__Materials provided__
----------------------------------------

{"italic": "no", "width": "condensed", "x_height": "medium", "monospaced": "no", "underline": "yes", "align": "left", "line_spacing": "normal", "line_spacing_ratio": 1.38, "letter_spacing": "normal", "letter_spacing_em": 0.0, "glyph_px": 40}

----------------------------------------

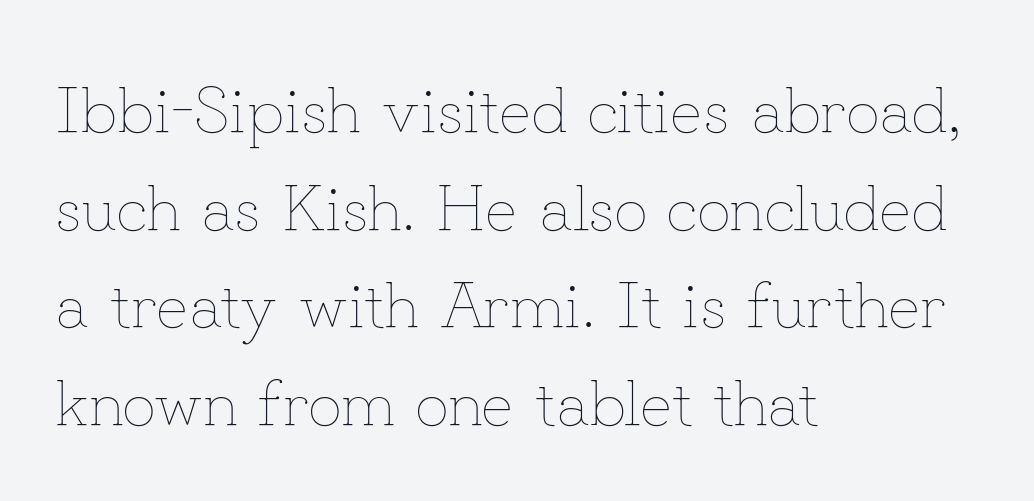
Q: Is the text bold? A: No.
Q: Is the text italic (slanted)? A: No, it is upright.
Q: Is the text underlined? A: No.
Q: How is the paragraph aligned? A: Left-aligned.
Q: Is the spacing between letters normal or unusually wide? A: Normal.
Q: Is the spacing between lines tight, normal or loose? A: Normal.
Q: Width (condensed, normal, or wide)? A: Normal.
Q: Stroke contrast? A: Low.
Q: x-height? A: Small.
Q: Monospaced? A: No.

----------------------------------------

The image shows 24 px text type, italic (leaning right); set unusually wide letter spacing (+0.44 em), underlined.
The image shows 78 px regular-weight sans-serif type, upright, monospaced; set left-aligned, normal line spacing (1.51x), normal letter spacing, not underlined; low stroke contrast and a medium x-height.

----------------------------------------

__Work instruction__
Copy the lines that hold the word "medium". Take them from the records above.

__Reply to the exercise__
{"italic": "no", "width": "condensed", "x_height": "medium", "monospaced": "no", "underline": "yes", "align": "left", "line_spacing": "normal", "line_spacing_ratio": 1.38, "letter_spacing": "normal", "letter_spacing_em": 0.0, "glyph_px": 40}
The image shows 78 px regular-weight sans-serif type, upright, monospaced; set left-aligned, normal line spacing (1.51x), normal letter spacing, not underlined; low stroke contrast and a medium x-height.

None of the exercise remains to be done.